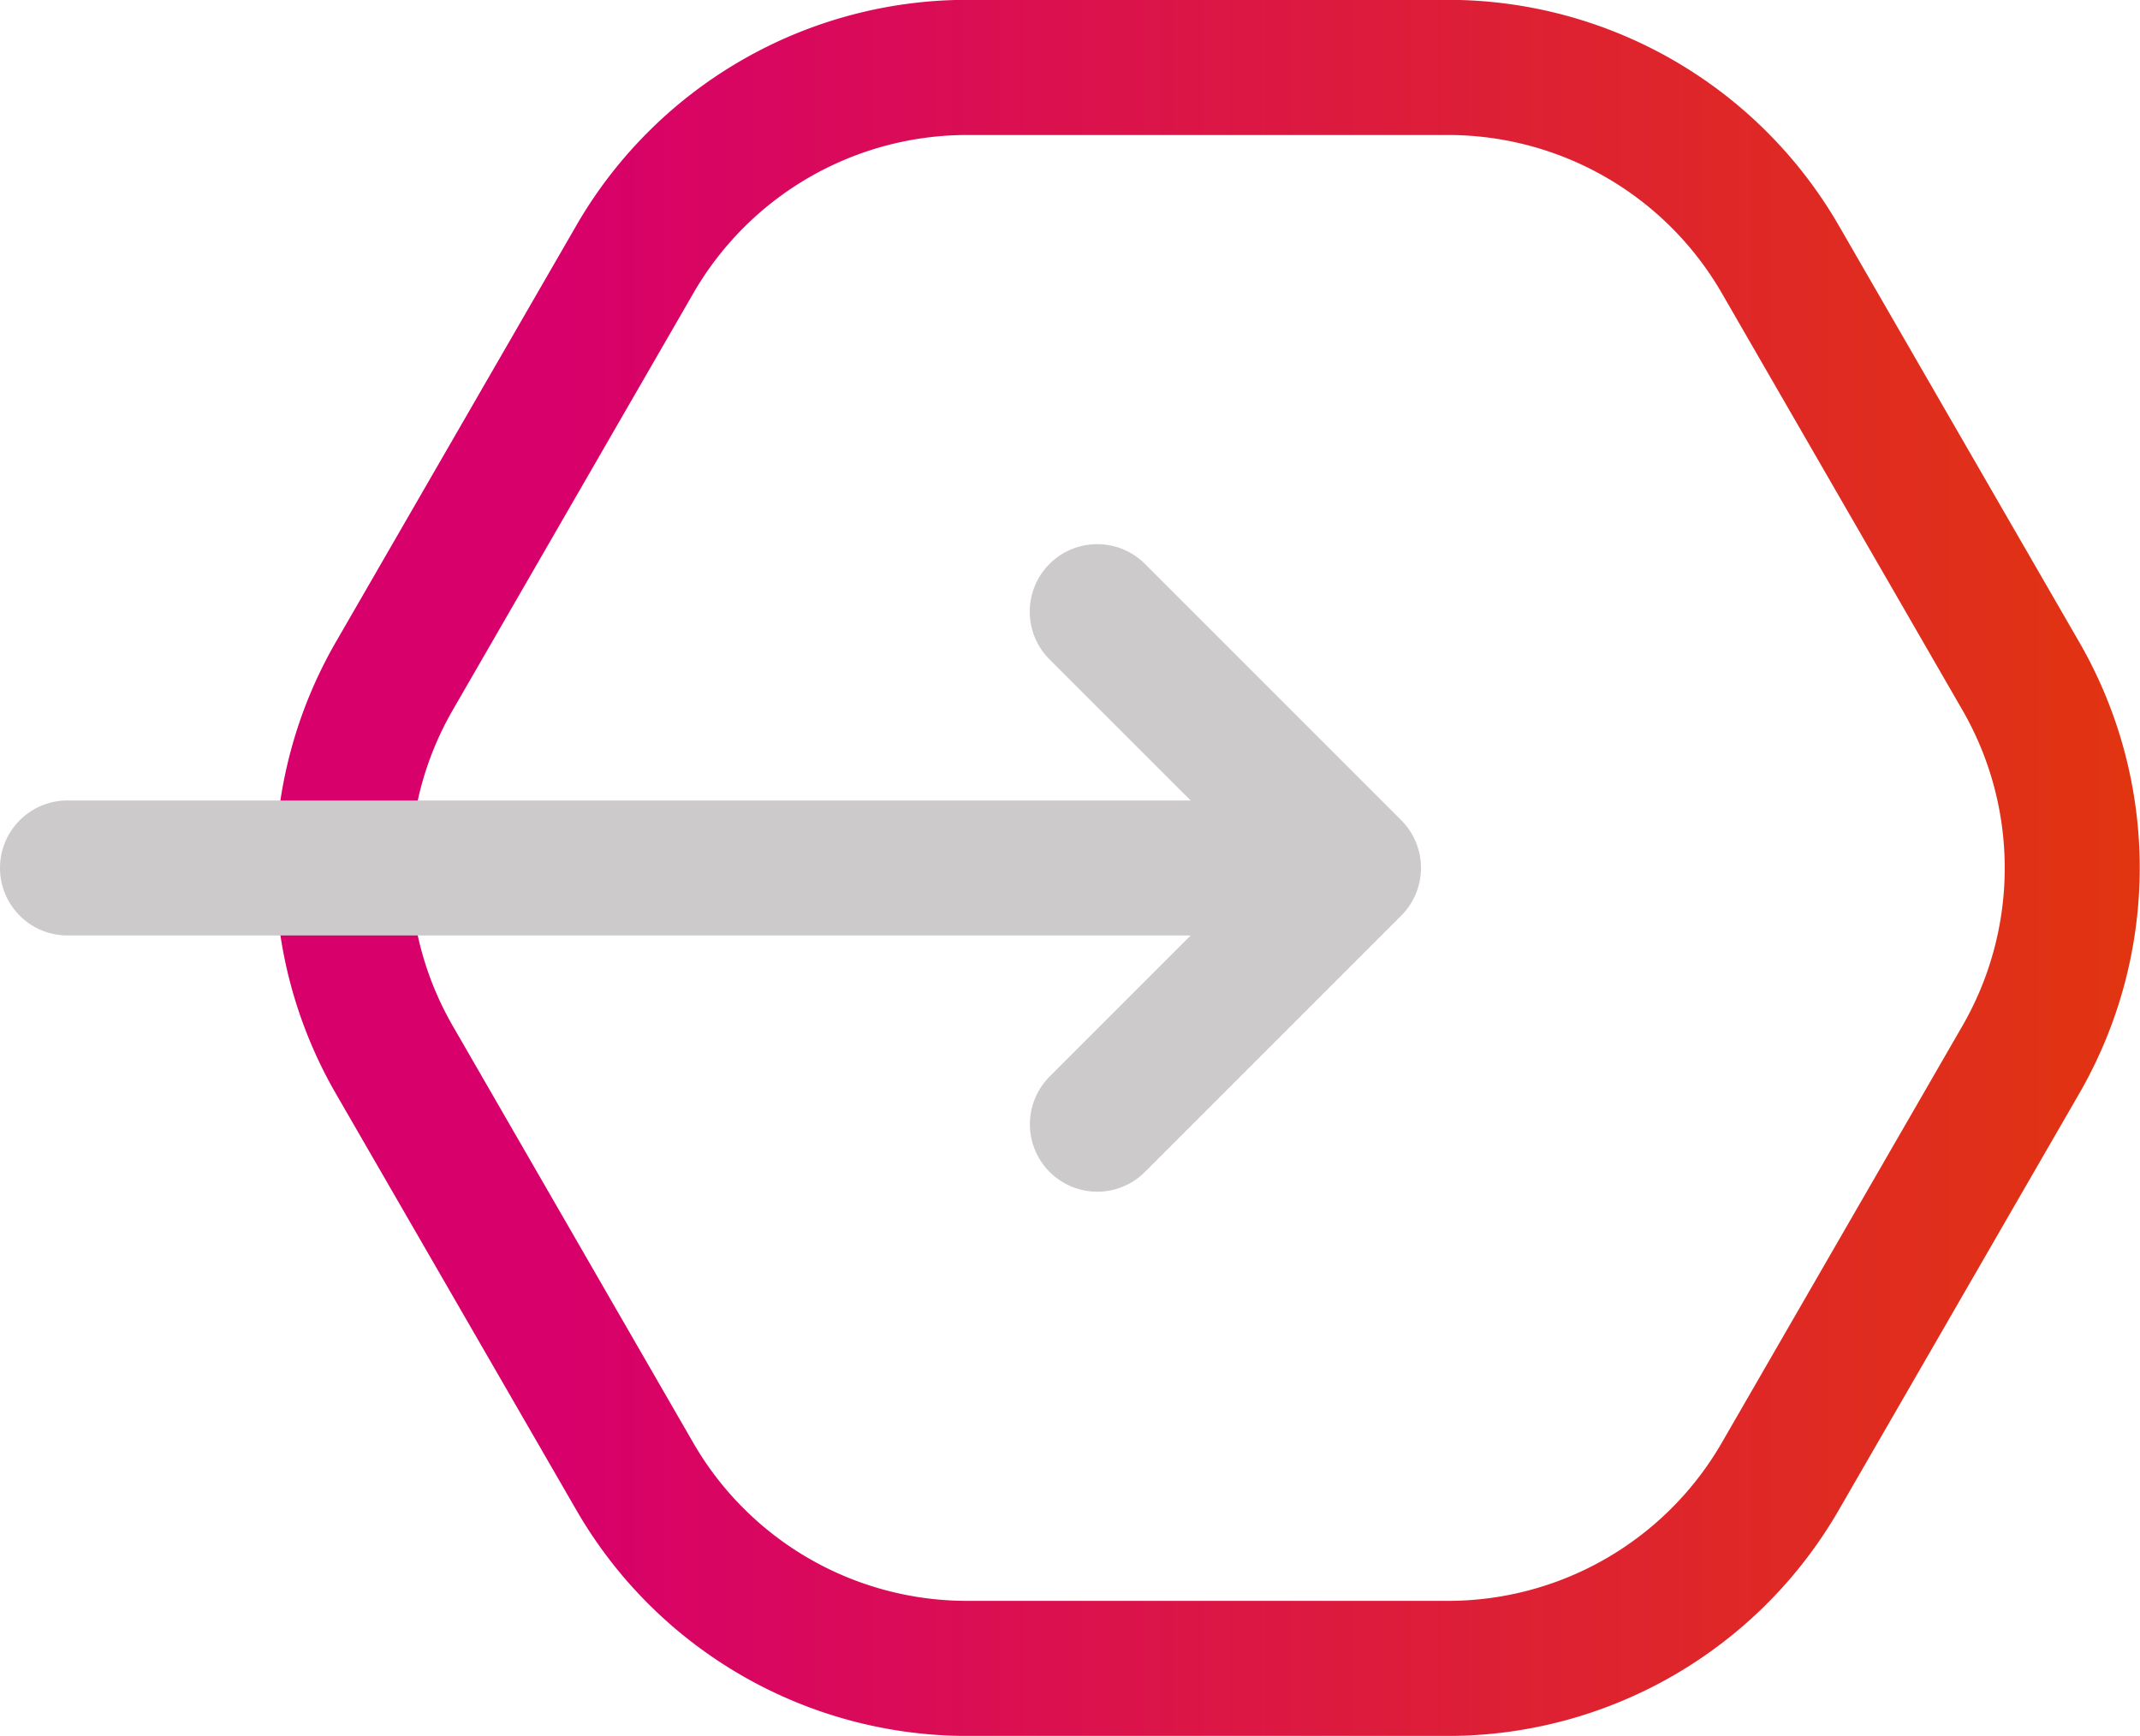 <svg xmlns="http://www.w3.org/2000/svg" xmlns:xlink="http://www.w3.org/1999/xlink" width="54.913" height="44.542" viewBox="0 0 54.913 44.542">
  <defs>
    <linearGradient id="linear-gradient" y1="0.5" x2="1" y2="0.5" gradientUnits="objectBoundingBox">
      <stop offset="0.154" stop-color="#d8006b"/>
      <stop offset="1" stop-color="#e13510"/>
    </linearGradient>
  </defs>
  <g id="Group_466" data-name="Group 466" transform="translate(-306.311 73.644)">
    <path id="Path_345" data-name="Path 345" d="M342.543-29.1H330.165a11.586,11.586,0,0,1-10-5.776L313.972-45.6a11.586,11.586,0,0,1,0-11.552l6.189-10.72a11.584,11.584,0,0,1,10-5.776h12.378a11.584,11.584,0,0,1,10,5.776l6.188,10.72a11.583,11.583,0,0,1,0,11.552l-6.188,10.718A11.584,11.584,0,0,1,342.543-29.1ZM330.165-70.18a8.113,8.113,0,0,0-7,4.044l-6.188,10.72a8.108,8.108,0,0,0,0,8.088L323.16-36.61a8.113,8.113,0,0,0,7,4.044h12.378a8.113,8.113,0,0,0,7-4.044l6.187-10.718a8.106,8.106,0,0,0,0-8.088l-6.187-10.72a8.114,8.114,0,0,0-7-4.044Z" transform="translate(0.947 0)" fill="url(#linear-gradient)"/>
    <path id="Path_346" data-name="Path 346" d="M340.307-52.393H308.043a1.733,1.733,0,0,1-1.732-1.732,1.732,1.732,0,0,1,1.732-1.732h32.264a1.731,1.731,0,0,1,1.732,1.732A1.732,1.732,0,0,1,340.307-52.393Z" transform="translate(0 2.753)" fill="#cccaca"/>
    <path id="Path_347" data-name="Path 347" d="M330.929-44.936a1.727,1.727,0,0,1-1.225-.507,1.731,1.731,0,0,1,0-2.449l5.351-5.351L329.7-58.595a1.733,1.733,0,0,1,0-2.45,1.733,1.733,0,0,1,2.449,0l6.576,6.576a1.735,1.735,0,0,1,.507,1.225,1.73,1.73,0,0,1-.507,1.224l-6.576,6.576A1.726,1.726,0,0,1,330.929-44.936Z" transform="translate(3.542 1.871)" fill="#cccaca"/>
  </g>
</svg>

::::::::

Prompt: The entries are to be written out again exactly, without their pictures.

Answer box:
 <svg xmlns="http://www.w3.org/2000/svg" xmlns:xlink="http://www.w3.org/1999/xlink" width="54.913" height="44.542" viewBox="0 0 54.913 44.542">
  <defs>
    <linearGradient id="linear-gradient" y1="0.5" x2="1" y2="0.5" gradientUnits="objectBoundingBox">
      <stop offset="0.154" stop-color="#d8006b"/>
      <stop offset="1" stop-color="#e13510"/>
    </linearGradient>
  </defs>
  <g id="Group_466" data-name="Group 466" transform="translate(-306.311 73.644)">
    <path id="Path_345" data-name="Path 345" d="M342.543-29.1H330.165a11.586,11.586,0,0,1-10-5.776L313.972-45.6a11.586,11.586,0,0,1,0-11.552l6.189-10.72a11.584,11.584,0,0,1,10-5.776h12.378a11.584,11.584,0,0,1,10,5.776l6.188,10.72a11.583,11.583,0,0,1,0,11.552l-6.188,10.718A11.584,11.584,0,0,1,342.543-29.1ZM330.165-70.18a8.113,8.113,0,0,0-7,4.044l-6.188,10.72a8.108,8.108,0,0,0,0,8.088L323.16-36.61a8.113,8.113,0,0,0,7,4.044h12.378a8.113,8.113,0,0,0,7-4.044l6.187-10.718a8.106,8.106,0,0,0,0-8.088l-6.187-10.72a8.114,8.114,0,0,0-7-4.044Z" transform="translate(0.947 0)" fill="url(#linear-gradient)"/>
    <path id="Path_346" data-name="Path 346" d="M340.307-52.393H308.043a1.733,1.733,0,0,1-1.732-1.732,1.732,1.732,0,0,1,1.732-1.732h32.264a1.731,1.731,0,0,1,1.732,1.732A1.732,1.732,0,0,1,340.307-52.393Z" transform="translate(0 2.753)" fill="#cccaca"/>
    <path id="Path_347" data-name="Path 347" d="M330.929-44.936a1.727,1.727,0,0,1-1.225-.507,1.731,1.731,0,0,1,0-2.449l5.351-5.351L329.7-58.595a1.733,1.733,0,0,1,0-2.45,1.733,1.733,0,0,1,2.449,0l6.576,6.576a1.735,1.735,0,0,1,.507,1.225,1.73,1.73,0,0,1-.507,1.224l-6.576,6.576A1.726,1.726,0,0,1,330.929-44.936Z" transform="translate(3.542 1.871)" fill="#cccaca"/>
  </g>
</svg>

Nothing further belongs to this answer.